EXERCISE DATA:
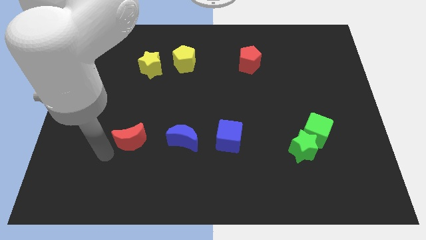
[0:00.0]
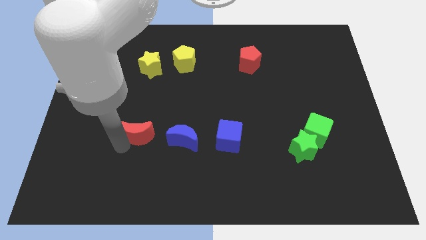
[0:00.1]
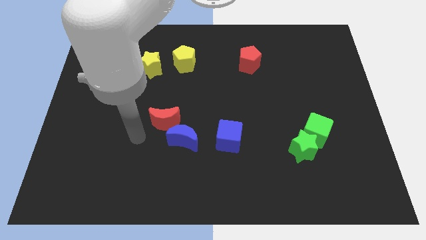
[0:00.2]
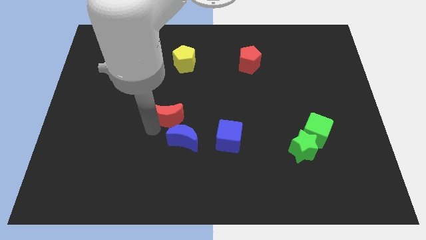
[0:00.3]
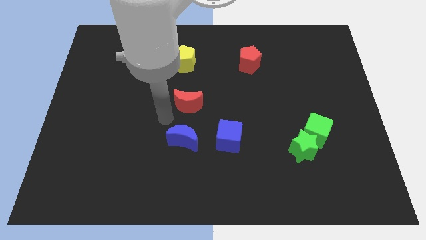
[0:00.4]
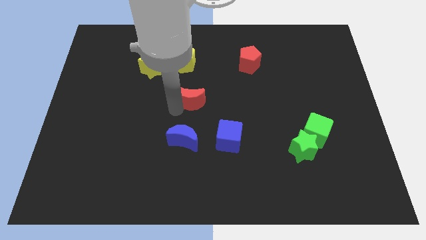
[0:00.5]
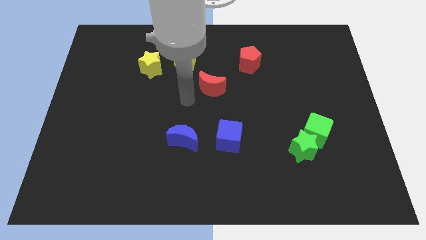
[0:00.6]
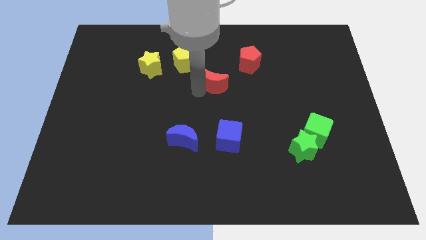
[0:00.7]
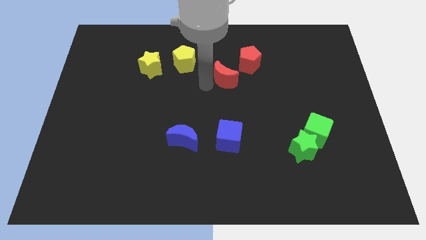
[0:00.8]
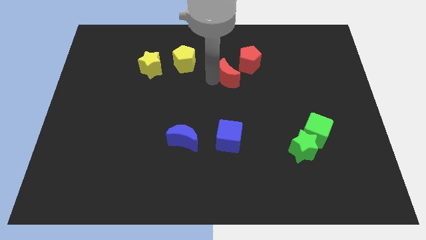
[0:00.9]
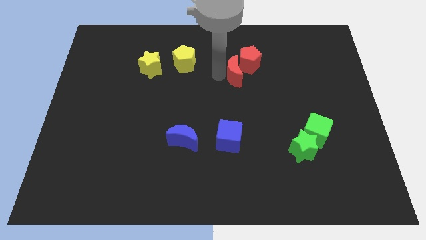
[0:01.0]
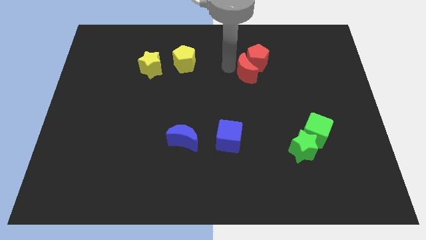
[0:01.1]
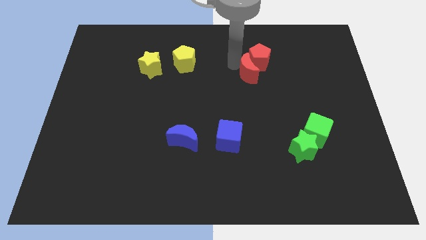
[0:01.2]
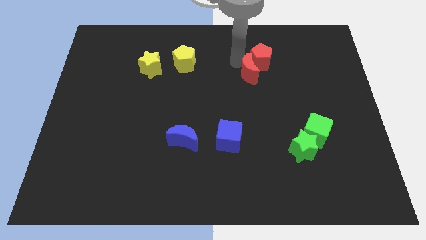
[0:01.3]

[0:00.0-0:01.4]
move red moon into the red pentagon

EXERCISE:
Copy each line above exactly, with no images.

ANSWER SPACE:
[0:00.0]
[0:00.1]
[0:00.2]
[0:00.3]
[0:00.4]
[0:00.5]
[0:00.6]
[0:00.7]
[0:00.8]
[0:00.9]
[0:01.0]
[0:01.1]
[0:01.2]
[0:01.3]

[0:00.0-0:01.4]
move red moon into the red pentagon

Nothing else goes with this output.